Mes humeurs à moi



Publié le mercredi 15 juin 2005


Mercredi 15 juin 2005

Cinéma quand tu nous tiens...

Quand on aime les "pires films", il faut absolument s'initier à David Decoteau.

Ce cinéaste, qui a traîné sur les plateaux de Cameron (quand même...), s'est spécialisé dans l'horreur et le fantastique. Bon, seulement, il faut avouer qu'il ne dispose pas de budjets démentiels. Alors, notre ami fait avec ce qu'il peut. Moralité, les acteurs jouent plutôt mal, les trucages sont cheap, et les scénarios ont un délicieux coté déjà vus...
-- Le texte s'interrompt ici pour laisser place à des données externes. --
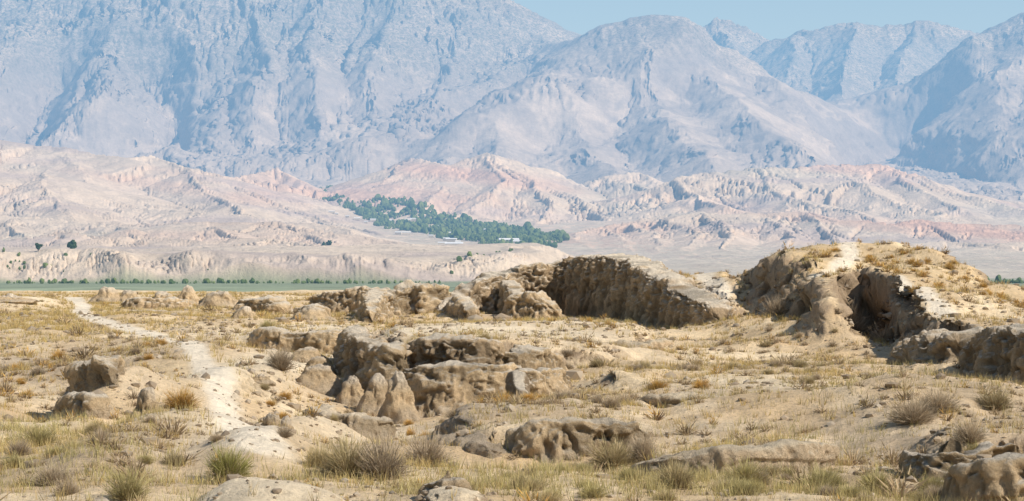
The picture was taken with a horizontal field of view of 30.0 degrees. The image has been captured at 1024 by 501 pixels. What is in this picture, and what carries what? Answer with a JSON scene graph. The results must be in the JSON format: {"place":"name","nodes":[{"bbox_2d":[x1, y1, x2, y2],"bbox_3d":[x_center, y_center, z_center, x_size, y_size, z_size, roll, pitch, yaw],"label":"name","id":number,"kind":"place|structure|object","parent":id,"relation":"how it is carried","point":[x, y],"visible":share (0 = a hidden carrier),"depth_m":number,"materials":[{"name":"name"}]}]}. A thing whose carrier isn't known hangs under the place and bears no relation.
{"place":"outdoors","nodes":[
{"label":"outdoors","id":0,"kind":"place"},
{"bbox_2d":[0,287,454,291],"bbox_3d":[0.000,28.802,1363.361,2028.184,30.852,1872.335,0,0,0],"label":"valley floor","id":1,"kind":"structure","parent":0,"point":[254,289],"depth_m":2187.60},
{"bbox_2d":[0,0,1023,188],"bbox_3d":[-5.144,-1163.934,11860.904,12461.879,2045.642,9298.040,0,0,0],"label":"mountain","id":2,"kind":"structure","parent":0,"point":[320,93],"depth_m":10093.04,"materials":[{"name":"stone"}]},
{"bbox_2d":[0,140,1023,279],"bbox_3d":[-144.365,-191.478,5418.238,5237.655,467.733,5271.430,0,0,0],"label":"foothills","id":3,"kind":"structure","parent":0,"point":[733,222],"depth_m":5633.14,"materials":[{"name":"stone"}]},
{"bbox_2d":[2,185,1023,283],"bbox_3d":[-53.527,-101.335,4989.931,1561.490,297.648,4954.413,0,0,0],"label":"woods","id":4,"kind":"object","parent":3,"relation":"on","point":[463,226],"visible":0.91,"depth_m":5266.81,"materials":[{"name":"plant"}]},
{"bbox_2d":[0,242,1023,500],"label":"ground","id":5,"kind":"structure","parent":0,"point":[872,288],"depth_m":49.06,"materials":[{"name":"soil"}]},
{"bbox_2d":[0,450,30,468],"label":"olive shrub","id":6,"kind":"object","parent":5,"relation":"on","point":[13,461],"visible":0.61,"depth_m":27.79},
{"bbox_2d":[3,436,35,455],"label":"dry shrub","id":7,"kind":"object","parent":5,"relation":"on","point":[18,447],"visible":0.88,"depth_m":29.32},
{"bbox_2d":[0,293,39,303],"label":"clay lump","id":8,"kind":"object","parent":5,"relation":"on","point":[11,298],"visible":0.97,"depth_m":144.98,"materials":[{"name":"soil"}]},
{"bbox_2d":[6,421,62,445],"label":"olive shrub","id":9,"kind":"object","parent":5,"relation":"on","point":[43,434],"visible":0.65,"depth_m":33.36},
{"bbox_2d":[29,365,48,375],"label":"dry shrub","id":10,"kind":"object","parent":5,"relation":"on","point":[36,371],"visible":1,"depth_m":61.40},
{"bbox_2d":[40,444,61,456],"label":"olive shrub","id":11,"kind":"object","parent":5,"relation":"on","point":[51,449],"visible":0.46,"depth_m":28.75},
{"bbox_2d":[24,456,79,486],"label":"dry shrub","id":12,"kind":"object","parent":5,"relation":"on","point":[49,475],"visible":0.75,"depth_m":24.68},
{"bbox_2d":[48,349,68,359],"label":"orange shrub","id":13,"kind":"object","parent":5,"relation":"on","point":[55,354],"visible":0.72,"depth_m":67.70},
{"bbox_2d":[49,474,83,496],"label":"dry shrub","id":14,"kind":"object","parent":5,"relation":"on","point":[72,490],"visible":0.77,"depth_m":23.15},
{"bbox_2d":[53,391,110,418],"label":"clay slab","id":15,"kind":"structure","parent":5,"relation":"on","point":[89,403],"depth_m":41.20,"materials":[{"name":"stone"}]},
{"bbox_2d":[79,418,105,433],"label":"straw shrub","id":16,"kind":"object","parent":5,"relation":"on","point":[96,425],"visible":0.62,"depth_m":31.74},
{"bbox_2d":[63,355,126,394],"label":"clay slab","id":17,"kind":"structure","parent":5,"relation":"on","point":[94,372],"depth_m":44.13,"materials":[{"name":"stone"}]},
{"bbox_2d":[87,286,120,302],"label":"clay lump","id":18,"kind":"object","parent":5,"relation":"on","point":[107,294],"visible":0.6,"depth_m":157.29,"materials":[{"name":"soil"}]},
{"bbox_2d":[96,462,153,500],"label":"olive shrub","id":19,"kind":"object","parent":5,"relation":"on","point":[122,492],"visible":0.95,"depth_m":22.79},
{"bbox_2d":[117,290,138,302],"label":"clay lump","id":20,"kind":"object","parent":5,"relation":"on","point":[126,294],"visible":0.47,"depth_m":157.41,"materials":[{"name":"soil"}]},
{"bbox_2d":[130,386,159,417],"bbox_3d":[-7.321,3.370,38.507,1.097,1.270,0.927,0,0,0],"label":"clay rock","id":21,"kind":"object","parent":5,"relation":"on","point":[145,398],"visible":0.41,"depth_m":38.37,"materials":[{"name":"stone"}]},
{"bbox_2d":[136,453,157,463],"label":"olive shrub","id":22,"kind":"object","parent":5,"relation":"on","point":[148,460],"visible":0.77,"depth_m":26.89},
{"bbox_2d":[120,296,192,308],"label":"ruined wall","id":23,"kind":"structure","parent":5,"relation":"on","point":[146,302],"depth_m":136.42,"materials":[{"name":"soil"}]},
{"bbox_2d":[152,291,172,298],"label":"clay lump","id":24,"kind":"object","parent":5,"relation":"on","point":[162,294],"visible":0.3,"depth_m":155.60,"materials":[{"name":"soil"}]},
{"bbox_2d":[158,446,186,467],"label":"straw shrub","id":25,"kind":"object","parent":5,"relation":"on","point":[177,457],"visible":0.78,"depth_m":27.20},
{"bbox_2d":[162,384,203,408],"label":"orange shrub","id":26,"kind":"object","parent":5,"relation":"on","point":[181,401],"visible":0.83,"depth_m":42.62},
{"bbox_2d":[177,285,199,304],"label":"clay lump","id":27,"kind":"object","parent":5,"relation":"on","point":[188,292],"visible":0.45,"depth_m":151.54,"materials":[{"name":"soil"}]},
{"bbox_2d":[208,431,224,441],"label":"dry shrub","id":28,"kind":"object","parent":5,"relation":"on","point":[213,437],"visible":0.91,"depth_m":28.93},
{"bbox_2d":[197,290,237,307],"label":"clay lump","id":29,"kind":"object","parent":5,"relation":"on","point":[219,298],"visible":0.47,"depth_m":139.13,"materials":[{"name":"soil"}]},
{"bbox_2d":[201,440,257,481],"bbox_3d":[-3.900,2.857,26.348,0.838,0.720,0.826,0,0,-10],"label":"green shrub","id":30,"kind":"object","parent":5,"relation":"on","point":[232,465],"visible":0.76,"depth_m":26.36,"materials":[{"name":"plant"}]},
{"bbox_2d":[230,306,258,318],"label":"clay lump","id":31,"kind":"object","parent":5,"relation":"on","point":[245,311],"visible":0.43,"depth_m":111.56,"materials":[{"name":"soil"}]},
{"bbox_2d":[232,295,293,313],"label":"ruined wall","id":32,"kind":"structure","parent":5,"relation":"on","point":[277,304],"depth_m":129.89,"materials":[{"name":"soil"}]},
{"bbox_2d":[253,373,275,385],"bbox_3d":[-6.840,3.532,51.989,0.854,0.392,0.695,0,0,0],"label":"clay rock","id":33,"kind":"object","parent":5,"relation":"on","point":[261,378],"visible":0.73,"depth_m":51.82,"materials":[{"name":"stone"}]},
{"bbox_2d":[256,319,280,326],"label":"olive shrub","id":34,"kind":"object","parent":5,"relation":"on","point":[267,324],"visible":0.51,"depth_m":93.40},
{"bbox_2d":[261,412,279,425],"bbox_3d":[-4.526,3.444,35.973,0.852,0.786,0.795,0,0,27],"label":"clay rock","id":35,"kind":"object","parent":5,"relation":"on","point":[269,416],"visible":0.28,"depth_m":35.90,"materials":[{"name":"stone"}]},
{"bbox_2d":[261,345,300,370],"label":"dry shrub","id":36,"kind":"object","parent":5,"relation":"on","point":[279,361],"visible":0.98,"depth_m":58.38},
{"bbox_2d":[278,415,293,428],"bbox_3d":[-4.165,3.474,35.512,0.517,0.849,0.494,0,0,0],"label":"clay rock","id":37,"kind":"object","parent":5,"relation":"on","point":[286,420],"visible":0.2,"depth_m":35.44,"materials":[{"name":"stone"}]},
{"bbox_2d":[276,422,299,437],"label":"dry shrub","id":38,"kind":"object","parent":5,"relation":"on","point":[285,433],"visible":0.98,"depth_m":29.73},
{"bbox_2d":[246,326,342,353],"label":"ruined wall","id":39,"kind":"structure","parent":5,"relation":"on","point":[321,341],"depth_m":78.01,"materials":[{"name":"soil"}]},
{"bbox_2d":[290,346,332,363],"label":"clay lump","id":40,"kind":"object","parent":5,"relation":"on","point":[306,354],"visible":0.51,"depth_m":65.63,"materials":[{"name":"soil"}]},
{"bbox_2d":[293,303,330,315],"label":"ruined wall","id":41,"kind":"structure","parent":5,"relation":"on","point":[296,309],"depth_m":115.01,"materials":[{"name":"soil"}]},
{"bbox_2d":[289,305,336,320],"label":"clay lump","id":42,"kind":"object","parent":5,"relation":"on","point":[311,312],"visible":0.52,"depth_m":109.44,"materials":[{"name":"soil"}]},
{"bbox_2d":[303,439,330,466],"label":"straw shrub","id":43,"kind":"object","parent":5,"relation":"on","point":[314,455],"visible":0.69,"depth_m":27.72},
{"bbox_2d":[296,363,342,395],"bbox_3d":[-5.849,4.026,57.986,1.786,1.219,1.650,0,0,0],"label":"clay lump","id":44,"kind":"object","parent":5,"relation":"on","point":[322,379],"visible":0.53,"depth_m":57.53,"materials":[{"name":"stone"}]},
{"bbox_2d":[305,356,337,375],"bbox_3d":[-6.367,3.974,62.998,1.262,1.007,1.212,0,0,0],"label":"clay lump","id":45,"kind":"object","parent":5,"relation":"on","point":[313,361],"visible":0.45,"depth_m":62.80,"materials":[{"name":"stone"}]},
{"bbox_2d":[309,286,378,312],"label":"ruined wall","id":46,"kind":"structure","parent":5,"relation":"on","point":[348,300],"depth_m":131.50,"materials":[{"name":"soil"}]},
{"bbox_2d":[311,424,383,479],"bbox_3d":[-2.332,2.800,26.895,1.166,0.820,1.153,0,0,-26],"label":"straw shrub","id":47,"kind":"object","parent":5,"relation":"on","point":[337,460],"visible":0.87,"depth_m":26.72,"materials":[{"name":"plant"}]},
{"bbox_2d":[301,404,395,440],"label":"earth bank","id":48,"kind":"structure","parent":5,"relation":"on","point":[357,421],"depth_m":43.99,"materials":[{"name":"soil"}]},
{"bbox_2d":[334,375,364,406],"bbox_3d":[-4.668,4.342,55.978,1.170,1.385,1.056,0,0,0],"label":"clay lump","id":49,"kind":"object","parent":5,"relation":"on","point":[352,393],"visible":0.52,"depth_m":55.74,"materials":[{"name":"stone"}]},
{"bbox_2d":[332,324,387,380],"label":"ruined wall","id":50,"kind":"structure","parent":5,"relation":"on","point":[348,359],"depth_m":61.34,"materials":[{"name":"soil"}]},
{"bbox_2d":[355,373,387,414],"bbox_3d":[-3.816,4.415,54.479,1.428,1.854,1.261,0,0,0],"label":"clay lump","id":51,"kind":"object","parent":5,"relation":"on","point":[372,399],"visible":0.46,"depth_m":54.21,"materials":[{"name":"stone"}]},
{"bbox_2d":[356,287,393,322],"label":"ruined wall","id":52,"kind":"structure","parent":5,"relation":"on","point":[374,305],"depth_m":111.13,"materials":[{"name":"soil"}]},
{"bbox_2d":[355,341,411,390],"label":"ruined wall","id":53,"kind":"structure","parent":5,"relation":"on","point":[386,360],"depth_m":56.03,"materials":[{"name":"stone"}]},
{"bbox_2d":[350,423,419,480],"bbox_3d":[-1.805,2.801,26.793,1.048,0.914,1.046,0,0,-42],"label":"dry shrub","id":54,"kind":"object","parent":5,"relation":"on","point":[395,463],"visible":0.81,"depth_m":26.67,"materials":[{"name":"plant"}]},
{"bbox_2d":[377,370,422,423],"bbox_3d":[-3.054,4.349,52.000,1.305,2.203,1.132,0,0,0],"label":"clay lump","id":55,"kind":"object","parent":5,"relation":"on","point":[398,406],"visible":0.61,"depth_m":51.76,"materials":[{"name":"stone"}]},
{"bbox_2d":[387,279,450,314],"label":"ruined wall","id":56,"kind":"structure","parent":5,"relation":"on","point":[407,296],"depth_m":118.90,"materials":[{"name":"soil"}]},
{"bbox_2d":[399,421,461,466],"bbox_3d":[-1.373,3.100,30.512,1.085,0.869,1.087,0,0,33],"label":"dry shrub","id":57,"kind":"object","parent":5,"relation":"on","point":[435,450],"visible":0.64,"depth_m":30.47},
{"bbox_2d":[418,470,472,495],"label":"earth bank","id":58,"kind":"structure","parent":5,"relation":"on","point":[447,479],"depth_m":22.92,"materials":[{"name":"soil"}]},
{"bbox_2d":[409,332,505,367],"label":"ruined wall","id":59,"kind":"structure","parent":5,"relation":"on","point":[435,348],"depth_m":56.58,"materials":[{"name":"soil"}]},
{"bbox_2d":[442,295,479,320],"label":"ruined wall","id":60,"kind":"structure","parent":5,"relation":"on","point":[462,307],"depth_m":113.17,"materials":[{"name":"soil"}]},
{"bbox_2d":[403,360,521,417],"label":"ruined wall","id":61,"kind":"structure","parent":5,"relation":"on","point":[439,388],"depth_m":53.64,"materials":[{"name":"stone"}]},
{"bbox_2d":[430,428,506,458],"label":"earth bank","id":62,"kind":"structure","parent":5,"relation":"on","point":[480,445],"depth_m":32.60,"materials":[{"name":"soil"}]},
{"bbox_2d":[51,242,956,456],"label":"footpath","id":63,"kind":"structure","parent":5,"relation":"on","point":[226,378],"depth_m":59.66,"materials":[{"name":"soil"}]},
{"bbox_2d":[497,280,523,313],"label":"ruined wall","id":64,"kind":"structure","parent":5,"relation":"on","point":[507,288],"depth_m":118.53,"materials":[{"name":"soil"}]},
{"bbox_2d":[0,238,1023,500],"bbox_3d":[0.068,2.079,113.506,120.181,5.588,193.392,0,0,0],"label":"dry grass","id":65,"kind":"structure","parent":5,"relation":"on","point":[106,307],"depth_m":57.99,"materials":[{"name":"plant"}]},
{"bbox_2d":[0,241,1023,500],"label":"olive grass","id":66,"kind":"structure","parent":5,"relation":"on","point":[640,479],"depth_m":26.55,"materials":[{"name":"plant"}]},
{"bbox_2d":[0,243,1023,500],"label":"rubble","id":67,"kind":"object","parent":5,"relation":"on","point":[574,375],"visible":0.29,"depth_m":56.01,"materials":[{"name":"stone"}]},
{"bbox_2d":[0,241,1023,500],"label":"scrub","id":68,"kind":"object","parent":5,"relation":"on","point":[684,431],"visible":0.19,"depth_m":39.84,"materials":[{"name":"plant"}]},
{"bbox_2d":[505,370,531,396],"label":"ruined wall","id":69,"kind":"structure","parent":5,"relation":"on","point":[520,381],"depth_m":47.21,"materials":[{"name":"stone"}]},
{"bbox_2d":[505,469,535,488],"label":"straw shrub","id":70,"kind":"object","parent":5,"relation":"on","point":[513,483],"visible":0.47,"depth_m":25.08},
{"bbox_2d":[514,469,549,490],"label":"straw shrub","id":71,"kind":"object","parent":5,"relation":"on","point":[534,483],"visible":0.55,"depth_m":24.95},
{"bbox_2d":[505,290,561,319],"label":"ruined wall","id":72,"kind":"structure","parent":5,"relation":"on","point":[532,304],"depth_m":110.51,"materials":[{"name":"soil"}]},
{"bbox_2d":[502,344,568,370],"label":"ruined wall","id":73,"kind":"structure","parent":5,"relation":"on","point":[528,356],"depth_m":58.01,"materials":[{"name":"stone"}]},
{"bbox_2d":[505,367,573,396],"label":"ruined wall","id":74,"kind":"structure","parent":5,"relation":"on","point":[546,381],"depth_m":50.23,"materials":[{"name":"stone"}]},
{"bbox_2d":[539,485,566,500],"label":"straw shrub","id":75,"kind":"object","parent":5,"relation":"on","point":[553,496],"visible":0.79,"depth_m":23.45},
{"bbox_2d":[504,417,651,463],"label":"earth bank","id":76,"kind":"structure","parent":5,"relation":"on","point":[565,437],"depth_m":32.42,"materials":[{"name":"soil"}]},
{"bbox_2d":[434,253,736,328],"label":"ruined wall","id":77,"kind":"structure","parent":5,"relation":"on","point":[646,291],"depth_m":112.32,"materials":[{"name":"soil"}]},
{"bbox_2d":[575,481,611,498],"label":"olive shrub","id":78,"kind":"object","parent":5,"relation":"on","point":[586,492],"visible":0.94,"depth_m":24.25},
{"bbox_2d":[587,357,604,366],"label":"straw shrub","id":79,"kind":"object","parent":5,"relation":"on","point":[597,363],"visible":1,"depth_m":60.89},
{"bbox_2d":[599,395,622,407],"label":"dry shrub","id":80,"kind":"object","parent":5,"relation":"on","point":[612,401],"visible":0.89,"depth_m":38.64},
{"bbox_2d":[584,429,639,468],"bbox_3d":[1.628,3.276,31.774,1.164,0.707,1.142,0,0,43],"label":"straw shrub","id":81,"kind":"object","parent":5,"relation":"on","point":[618,457],"visible":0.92,"depth_m":31.67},
{"bbox_2d":[615,464,643,480],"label":"olive shrub","id":82,"kind":"object","parent":5,"relation":"on","point":[625,473],"visible":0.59,"depth_m":27.02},
{"bbox_2d":[597,338,674,351],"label":"earth bank","id":83,"kind":"structure","parent":5,"relation":"on","point":[663,343],"depth_m":76.23,"materials":[{"name":"soil"}]},
{"bbox_2d":[627,428,663,462],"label":"dry shrub","id":84,"kind":"object","parent":5,"relation":"on","point":[645,451],"visible":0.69,"depth_m":31.83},
{"bbox_2d":[645,377,669,389],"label":"orange shrub","id":85,"kind":"object","parent":5,"relation":"on","point":[658,383],"visible":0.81,"depth_m":47.63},
{"bbox_2d":[653,485,679,500],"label":"straw shrub","id":86,"kind":"object","parent":5,"relation":"on","point":[663,494],"visible":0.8,"depth_m":24.31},
{"bbox_2d":[645,453,705,489],"bbox_3d":[2.135,2.927,25.535,0.788,0.550,0.893,0,0,-20],"label":"straw shrub","id":87,"kind":"object","parent":5,"relation":"on","point":[679,471],"visible":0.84,"depth_m":25.47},
{"bbox_2d":[691,376,710,388],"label":"orange shrub","id":88,"kind":"object","parent":5,"relation":"on","point":[697,384],"visible":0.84,"depth_m":46.65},
{"bbox_2d":[629,439,839,475],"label":"earth bank","id":89,"kind":"structure","parent":5,"relation":"on","point":[797,452],"depth_m":29.04,"materials":[{"name":"soil"}]},
{"bbox_2d":[638,385,841,407],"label":"earth bank","id":90,"kind":"structure","parent":5,"relation":"on","point":[673,399],"depth_m":43.29,"materials":[{"name":"soil"}]},
{"bbox_2d":[718,453,774,484],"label":"olive shrub","id":91,"kind":"object","parent":5,"relation":"on","point":[743,471],"visible":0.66,"depth_m":27.08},
{"bbox_2d":[726,475,766,495],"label":"olive shrub","id":92,"kind":"object","parent":5,"relation":"on","point":[744,484],"visible":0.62,"depth_m":24.73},
{"bbox_2d":[742,477,772,492],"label":"olive shrub","id":93,"kind":"object","parent":5,"relation":"on","point":[754,483],"visible":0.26,"depth_m":25.58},
{"bbox_2d":[748,463,771,485],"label":"dry shrub","id":94,"kind":"object","parent":5,"relation":"on","point":[765,478],"visible":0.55,"depth_m":27.12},
{"bbox_2d":[762,461,783,475],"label":"straw shrub","id":95,"kind":"object","parent":5,"relation":"on","point":[772,471],"visible":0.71,"depth_m":28.24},
{"bbox_2d":[759,292,790,316],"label":"dry shrub","id":96,"kind":"object","parent":5,"relation":"on","point":[775,307],"visible":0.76,"depth_m":90.86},
{"bbox_2d":[768,357,783,366],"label":"dry shrub","id":97,"kind":"object","parent":5,"relation":"on","point":[775,361],"visible":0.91,"depth_m":59.87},
{"bbox_2d":[791,358,809,367],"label":"straw shrub","id":98,"kind":"object","parent":5,"relation":"on","point":[797,363],"visible":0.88,"depth_m":59.41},
{"bbox_2d":[794,456,844,490],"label":"olive shrub","id":99,"kind":"object","parent":5,"relation":"on","point":[816,474],"visible":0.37,"depth_m":26.55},
{"bbox_2d":[816,482,841,495],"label":"dry shrub","id":100,"kind":"object","parent":5,"relation":"on","point":[824,489],"visible":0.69,"depth_m":24.91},
{"bbox_2d":[835,482,868,497],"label":"olive shrub","id":101,"kind":"object","parent":5,"relation":"on","point":[855,489],"visible":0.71,"depth_m":24.77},
{"bbox_2d":[847,302,870,333],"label":"dry shrub","id":102,"kind":"object","parent":5,"relation":"on","point":[856,327],"visible":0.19,"depth_m":88.43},
{"bbox_2d":[851,460,906,495],"bbox_3d":[5.047,3.149,26.545,0.819,0.562,0.758,0,0,-21],"label":"olive shrub","id":103,"kind":"object","parent":5,"relation":"on","point":[869,478],"visible":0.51,"depth_m":26.47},
{"bbox_2d":[864,323,893,343],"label":"dry shrub","id":104,"kind":"object","parent":5,"relation":"on","point":[885,334],"visible":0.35,"depth_m":82.16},
{"bbox_2d":[880,386,942,424],"bbox_3d":[7.282,2.808,34.745,1.236,0.759,1.238,0,0,9],"label":"dry shrub","id":105,"kind":"object","parent":5,"relation":"on","point":[912,413],"visible":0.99,"depth_m":34.67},
{"bbox_2d":[914,473,943,491],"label":"olive shrub","id":106,"kind":"object","parent":5,"relation":"on","point":[925,483],"visible":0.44,"depth_m":26.50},
{"bbox_2d":[917,481,941,500],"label":"dry shrub","id":107,"kind":"object","parent":5,"relation":"on","point":[933,491],"visible":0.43,"depth_m":25.11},
{"bbox_2d":[885,326,983,364],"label":"ruined wall","id":108,"kind":"structure","parent":5,"relation":"on","point":[942,345],"depth_m":59.40,"materials":[{"name":"soil"}]},
{"bbox_2d":[917,380,969,413],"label":"dry shrub","id":109,"kind":"object","parent":5,"relation":"on","point":[944,403],"visible":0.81,"depth_m":35.58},
{"bbox_2d":[898,438,1019,480],"bbox_3d":[6.540,3.332,27.990,1.977,1.172,1.510,0,0,17],"label":"clay ledge","id":110,"kind":"object","parent":5,"relation":"on","point":[950,452],"visible":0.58,"depth_m":27.83,"materials":[{"name":"stone"}]},
{"bbox_2d":[949,414,998,443],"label":"dry shrub","id":111,"kind":"object","parent":5,"relation":"on","point":[969,433],"visible":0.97,"depth_m":29.44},
{"bbox_2d":[938,452,1023,500],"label":"clay ledge","id":112,"kind":"object","parent":5,"relation":"on","point":[1002,475],"visible":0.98,"depth_m":23.44,"materials":[{"name":"stone"}]},
{"bbox_2d":[956,323,1023,384],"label":"ruined wall","id":113,"kind":"structure","parent":5,"relation":"on","point":[994,351],"depth_m":51.65,"materials":[{"name":"soil"}]},
{"bbox_2d":[970,382,1016,410],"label":"straw shrub","id":114,"kind":"object","parent":5,"relation":"on","point":[998,401],"visible":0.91,"depth_m":37.12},
{"bbox_2d":[0,248,1023,286],"bbox_3d":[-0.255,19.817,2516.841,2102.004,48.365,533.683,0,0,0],"label":"valley floor","id":115,"kind":"structure","parent":0,"point":[103,264],"depth_m":2620.98,"materials":[{"name":"earth"},{"name":"grass"}]},
{"bbox_2d":[512,0,1023,40],"label":"sky","id":116,"kind":"structure","parent":0,"point":[772,19],"materials":[{"name":"blue"}]},
{"bbox_2d":[703,17,1023,200],"bbox_3d":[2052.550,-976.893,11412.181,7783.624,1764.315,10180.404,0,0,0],"label":"mountain","id":117,"kind":"structure","parent":0,"point":[835,62],"depth_m":13585.83,"materials":[{"name":"stone"}]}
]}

David Decoteau est aussi un réalisateur gay. Jusque là, rien de bien intéressant. Sauf que, dans ses films, les filles sont souvent moches, bêtes, et surtout jamais déshabillées(parfois même, elles sont absentes...). En revanche, dès qu'il s'agit de nous monter de beaux gars, David n'y va pas de main morte.

Afin que vous puissiez découvrir tranquillement ce merveilleux réalisateur, voici une sélection de trois films.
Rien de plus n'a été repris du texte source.